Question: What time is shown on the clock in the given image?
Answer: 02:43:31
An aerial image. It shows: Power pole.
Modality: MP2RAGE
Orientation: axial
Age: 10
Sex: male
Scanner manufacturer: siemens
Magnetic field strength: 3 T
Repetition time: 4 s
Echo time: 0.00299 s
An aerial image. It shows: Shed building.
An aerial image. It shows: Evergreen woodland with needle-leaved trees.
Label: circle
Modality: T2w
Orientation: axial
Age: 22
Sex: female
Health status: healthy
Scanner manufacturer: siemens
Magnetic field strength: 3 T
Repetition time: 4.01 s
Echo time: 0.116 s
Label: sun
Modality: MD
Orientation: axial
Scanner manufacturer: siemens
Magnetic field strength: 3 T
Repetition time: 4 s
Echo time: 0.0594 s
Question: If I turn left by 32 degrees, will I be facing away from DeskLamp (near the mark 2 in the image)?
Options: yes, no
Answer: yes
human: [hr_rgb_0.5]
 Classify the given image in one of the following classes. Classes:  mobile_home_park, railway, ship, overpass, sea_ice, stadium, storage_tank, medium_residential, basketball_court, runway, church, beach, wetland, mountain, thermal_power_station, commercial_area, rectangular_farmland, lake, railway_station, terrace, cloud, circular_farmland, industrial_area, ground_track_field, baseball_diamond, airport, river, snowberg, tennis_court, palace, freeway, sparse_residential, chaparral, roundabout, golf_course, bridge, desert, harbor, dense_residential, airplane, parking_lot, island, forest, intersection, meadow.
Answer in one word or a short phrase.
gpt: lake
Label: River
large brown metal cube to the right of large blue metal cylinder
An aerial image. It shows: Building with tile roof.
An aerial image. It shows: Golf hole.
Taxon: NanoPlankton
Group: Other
^^^^
What lines in the material include the string "given"? Pull each one out.

Question: What time is shown on the clock in the given image?
 Classify the given image in one of the following classes. Classes:  mobile_home_park, railway, ship, overpass, sea_ice, stadium, storage_tank, medium_residential, basketball_court, runway, church, beach, wetland, mountain, thermal_power_station, commercial_area, rectangular_farmland, lake, railway_station, terrace, cloud, circular_farmland, industrial_area, ground_track_field, baseball_diamond, airport, river, snowberg, tennis_court, palace, freeway, sparse_residential, chaparral, roundabout, golf_course, bridge, desert, harbor, dense_residential, airplane, parking_lot, island, forest, intersection, meadow.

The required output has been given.